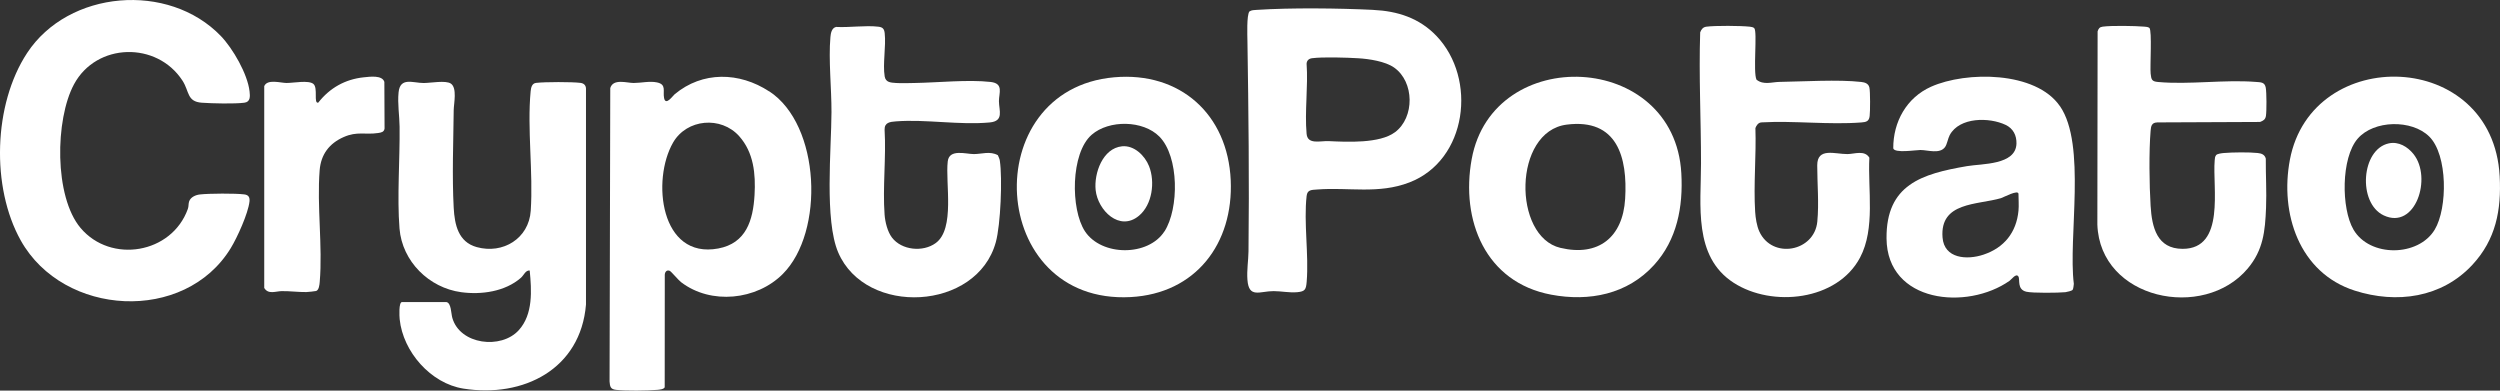 <svg width="160" height="25" viewBox="0 0 160 25" fill="none" xmlns="http://www.w3.org/2000/svg">
<rect x="0" y="0" width="160" height="25" fill="#333333" stroke="none"/>
<g clip-path="url(#clip0_947_510)">
<path d="M37.156 5.305C36.606 5.234 34.868 5.239 34.309 5.305C34.038 5.337 33.985 5.611 33.961 5.842C33.733 8.255 34.132 11.034 33.967 13.489C33.848 15.266 32.184 16.282 30.504 15.813C29.329 15.484 29.097 14.384 29.037 13.303C28.929 11.318 29.013 9.053 29.037 7.045C29.042 6.632 29.273 5.621 28.848 5.345C28.516 5.129 27.557 5.313 27.112 5.313C26.434 5.313 25.608 4.911 25.509 5.911C25.435 6.642 25.566 7.397 25.574 8.118C25.598 10.197 25.406 12.6 25.569 14.629C25.74 16.729 27.457 18.421 29.515 18.7C30.809 18.876 32.323 18.663 33.333 17.784C33.535 17.608 33.627 17.292 33.901 17.311C34.025 18.584 34.124 20.113 33.204 21.129C32.076 22.379 29.434 22.061 28.948 20.342C28.866 20.061 28.884 19.387 28.569 19.332H25.729C25.509 19.332 25.561 20.253 25.579 20.429C25.79 22.513 27.57 24.542 29.66 24.871C33.493 25.476 37.164 23.629 37.503 19.489V5.716C37.516 5.479 37.382 5.334 37.156 5.305Z" fill="white"/>
<path d="M49.229 5.85C47.32 4.6 44.959 4.545 43.177 6.034C43.05 6.139 42.604 6.795 42.501 6.274C42.412 5.826 42.672 5.405 42.046 5.274C41.578 5.176 41.047 5.308 40.558 5.311C40.116 5.311 39.246 5.011 39.057 5.634L39.012 24.416C39.038 24.742 39.07 24.91 39.425 24.95C40.051 25.024 41.434 25.005 42.078 24.95C42.207 24.939 42.496 24.913 42.541 24.782L42.546 17.587C42.551 17.403 42.677 17.25 42.864 17.334C42.964 17.379 43.411 17.924 43.592 18.061C45.501 19.521 48.425 19.213 50.099 17.534C52.781 14.847 52.518 7.995 49.232 5.845L49.229 5.85ZM48.291 12.479C48.196 14.105 47.754 15.568 45.969 15.903C42.257 16.597 41.694 11.524 43.077 9.124C43.952 7.605 46.145 7.411 47.31 8.718C48.241 9.763 48.367 11.134 48.291 12.479Z" fill="white"/>
<path d="M11.679 5.161C12.128 5.853 11.952 6.505 12.917 6.574C13.569 6.621 15.018 6.655 15.636 6.574C16.03 6.524 16.009 6.174 15.972 5.85C15.846 4.734 14.902 3.1 14.127 2.297C10.78 -1.168 4.38 -0.639 1.733 3.395C-0.421 6.671 -0.581 11.979 1.33 15.392C4.065 20.274 11.831 20.703 14.771 15.876C15.184 15.2 15.88 13.666 15.967 12.9C15.996 12.634 15.912 12.476 15.638 12.442C15.07 12.368 13.377 12.379 12.796 12.445C12.525 12.474 12.199 12.613 12.105 12.889C12.05 13.05 12.084 13.203 12.021 13.374C10.99 16.242 7.096 16.887 5.158 14.592C3.46 12.582 3.523 7.642 4.738 5.392C6.173 2.729 10.038 2.637 11.679 5.161Z" fill="white"/>
<path d="M87.886 0.632C85.667 0.524 82.638 0.489 80.435 0.632C80.277 0.642 80.093 0.639 79.959 0.737C79.781 0.989 79.83 2.25 79.836 2.626C79.904 7.097 79.957 11.6 79.904 16.079C79.896 16.671 79.788 17.292 79.836 17.91C79.925 19.116 80.632 18.629 81.508 18.632C82.013 18.632 82.523 18.747 83.028 18.7C83.53 18.653 83.585 18.524 83.627 18.037C83.772 16.3 83.43 14.237 83.624 12.54C83.669 12.142 83.932 12.155 84.287 12.129C86.309 11.971 88.223 12.44 90.205 11.674C93.904 10.247 94.551 5.039 91.933 2.3C90.836 1.153 89.448 0.708 87.886 0.634V0.632ZM89.272 8.466C88.299 9.192 86.219 9.087 85.047 9.032C84.489 9.005 83.685 9.276 83.622 8.563C83.493 7.137 83.727 5.521 83.622 4.074C83.635 3.868 83.769 3.753 83.969 3.726C84.668 3.634 86.193 3.684 86.937 3.729C87.623 3.771 88.651 3.924 89.219 4.321C90.526 5.234 90.55 7.516 89.275 8.466H89.272Z" fill="white"/>
<path d="M131.833 6.792C130.29 4.55 125.839 4.545 123.588 5.55C122.021 6.25 121.159 7.8 121.169 9.495C121.256 9.821 122.607 9.6 122.907 9.6C123.375 9.6 124.143 9.876 124.482 9.413C124.616 9.229 124.664 8.866 124.784 8.642C125.408 7.489 127.314 7.492 128.365 7.995C128.844 8.224 129.067 8.666 129.054 9.187C129.017 10.574 126.843 10.468 125.891 10.632C122.997 11.126 120.707 11.813 120.738 15.263C120.775 19.395 125.899 19.882 128.615 17.968C128.731 17.887 129.033 17.46 129.178 17.697C129.296 17.892 129.07 18.526 129.688 18.671C130.082 18.763 131.731 18.745 132.186 18.7C132.28 18.689 132.596 18.613 132.643 18.558C132.693 18.5 132.717 18.258 132.725 18.166C132.354 15.187 133.542 9.268 131.839 6.795L131.833 6.792ZM129.183 13.487C129.049 14.882 128.26 15.858 126.943 16.297C125.894 16.65 124.424 16.561 124.322 15.195C124.148 12.913 126.541 13.124 128.063 12.682C128.202 12.642 129.183 12.105 129.183 12.413C129.183 12.753 129.215 13.158 129.183 13.487Z" fill="white"/>
<path d="M112.743 7.832C114.815 7.716 117.07 7.995 119.121 7.837C119.426 7.813 119.616 7.776 119.658 7.426C119.694 7.126 119.7 5.874 119.642 5.605C119.584 5.345 119.355 5.271 119.119 5.245C117.659 5.079 115.414 5.218 113.879 5.242C113.397 5.25 112.866 5.458 112.417 5.1C112.183 4.629 112.485 2.016 112.272 1.803C112.209 1.737 112.078 1.718 111.988 1.708C111.418 1.645 109.764 1.632 109.207 1.708C108.991 1.737 108.886 1.874 108.812 2.071C108.72 4.868 108.867 7.671 108.865 10.46C108.865 13.121 108.357 16.418 110.95 18.095C113.419 19.692 117.586 19.245 119.045 16.482C120.031 14.618 119.534 12.132 119.639 10.092C119.332 9.589 118.69 9.858 118.235 9.861C117.441 9.866 116.3 9.416 116.303 10.584C116.303 11.768 116.421 12.989 116.308 14.184C116.121 16.116 113.411 16.608 112.593 14.808C112.433 14.453 112.354 13.945 112.33 13.555C112.22 11.816 112.406 9.95 112.346 8.197C112.409 8.021 112.538 7.837 112.74 7.834L112.743 7.832Z" fill="white"/>
<path d="M94.191 10.168C93.468 14.103 95.067 18.066 99.271 18.858C101.713 19.318 104.158 18.834 105.862 16.958C107.332 15.339 107.726 13.239 107.605 11.087C107.166 3.261 95.548 2.784 94.191 10.171V10.168ZM104.009 12.732C103.859 15.179 102.307 16.442 99.865 15.863C96.807 15.139 96.831 8.413 100.267 7.976C103.509 7.563 104.172 10.071 104.009 12.732Z" fill="white"/>
<path d="M63.861 9.932C63.361 9.655 62.825 9.861 62.33 9.861C61.81 9.861 60.753 9.511 60.656 10.326C60.493 11.71 61.137 14.647 59.883 15.558C59.07 16.15 57.706 16.021 57.083 15.2C56.801 14.829 56.649 14.208 56.614 13.742C56.483 11.989 56.72 10.076 56.614 8.305C56.601 7.834 56.962 7.797 57.34 7.768C59.249 7.621 61.41 8.016 63.34 7.837C64.268 7.75 63.937 7.084 63.932 6.476C63.929 5.955 64.25 5.342 63.401 5.245C61.96 5.082 60.019 5.287 58.544 5.311C58.166 5.316 57.711 5.337 57.34 5.311C57.011 5.287 56.685 5.279 56.62 4.895C56.486 4.087 56.714 2.961 56.62 2.118C56.588 1.842 56.488 1.739 56.21 1.708C55.381 1.611 54.359 1.771 53.509 1.724C53.228 1.789 53.168 2.124 53.147 2.371C53.018 3.829 53.22 5.658 53.215 7.176C53.207 9.532 52.76 14.092 53.644 16.153C55.403 20.261 62.533 19.903 63.734 15.492C64.039 14.376 64.16 11.421 63.989 10.282C63.974 10.171 63.908 10.04 63.863 9.934L63.861 9.932Z" fill="white"/>
<path d="M159.979 11.274C159.537 3.118 147.956 2.826 146.554 10.218C145.902 13.655 147.141 17.458 150.703 18.6C153.39 19.458 156.272 19.058 158.231 16.95C159.732 15.334 160.095 13.45 159.979 11.274ZM155.822 14.697C154.773 16.442 151.663 16.474 150.624 14.697C149.83 13.339 149.828 10.103 150.89 8.876C151.931 7.674 154.36 7.639 155.472 8.739C156.663 9.918 156.65 13.318 155.822 14.697Z" fill="white"/>
<path d="M138.049 7.834L144.645 7.805C144.848 7.724 144.982 7.653 145.019 7.421C145.069 7.113 145.064 5.913 145.008 5.608C144.94 5.25 144.698 5.268 144.364 5.242C142.363 5.084 140.097 5.429 138.112 5.247C137.712 5.211 137.683 5.095 137.641 4.708C137.594 4.25 137.739 1.963 137.562 1.787C137.465 1.716 137.349 1.716 137.234 1.705C136.632 1.655 135.149 1.629 134.578 1.705C134.376 1.732 134.31 1.816 134.247 2.005L134.231 14.374C134.399 19.166 141.033 20.547 143.857 17.182C144.853 15.995 144.966 14.795 145.027 13.3C145.069 12.255 145.003 11.197 145.011 10.153C144.943 9.889 144.735 9.818 144.488 9.792C143.97 9.734 142.868 9.745 142.34 9.792C142.208 9.803 141.927 9.832 141.837 9.921C141.751 10.024 141.751 10.142 141.74 10.266C141.588 11.982 142.447 15.926 139.692 15.926C138.038 15.926 137.723 14.537 137.639 13.176C137.557 11.845 137.528 9.687 137.639 8.371C137.662 8.079 137.704 7.847 138.051 7.837L138.049 7.834Z" fill="white"/>
<path d="M71.306 4.947C62.504 5.724 63.185 19.503 72.361 19.013C76.525 18.79 78.95 15.587 78.766 11.529C78.576 7.324 75.534 4.574 71.306 4.947ZM74.527 14.803C73.491 16.424 70.494 16.408 69.437 14.803C68.509 13.395 68.517 9.797 69.868 8.624C70.975 7.661 73.157 7.687 74.201 8.742C75.469 10.024 75.461 13.345 74.53 14.805L74.527 14.803Z" fill="white"/>
<path d="M23.287 4.947C22.088 5.071 21.099 5.632 20.366 6.571C20.05 6.639 20.371 5.626 20.053 5.368C19.745 5.118 18.78 5.311 18.344 5.311C17.96 5.311 17.113 5.037 16.911 5.513V18.429C17.169 18.863 17.647 18.637 18.028 18.632C18.549 18.624 19.119 18.7 19.603 18.692C19.698 18.692 20.161 18.642 20.229 18.624C20.416 18.568 20.45 18.21 20.463 18.037C20.655 15.753 20.276 13.187 20.458 10.895C20.539 9.879 21.076 9.176 21.996 8.771C22.858 8.389 23.376 8.637 24.199 8.513C24.394 8.484 24.575 8.455 24.612 8.232L24.599 5.242C24.462 4.795 23.673 4.908 23.29 4.947H23.287Z" fill="white"/>
<path d="M152.893 9.174C151.111 9.545 150.882 12.987 152.551 13.782C154.584 14.747 155.683 11.371 154.458 9.853C154.084 9.389 153.511 9.045 152.893 9.174Z" fill="white"/>
<path d="M71.811 9.363C70.573 9.487 70.01 11.084 70.121 12.161C70.255 13.458 71.651 14.85 72.897 13.805C73.749 13.092 73.936 11.637 73.539 10.634C73.27 9.961 72.59 9.287 71.811 9.363Z" fill="white"/>
</g>
<defs>
<clipPath id="clip0_947_510">
<rect width="160" height="25" fill="white"/>
</clipPath>
</defs>
</svg>
=====
> **WHAT TO WORK ON**
Please copy each line of the records above that holds the word "rect".

> **EXPECTED ANSWER**
<rect x="0" y="0" width="160" height="25" fill="#333333" stroke="none"/>
<rect width="160" height="25" fill="white"/>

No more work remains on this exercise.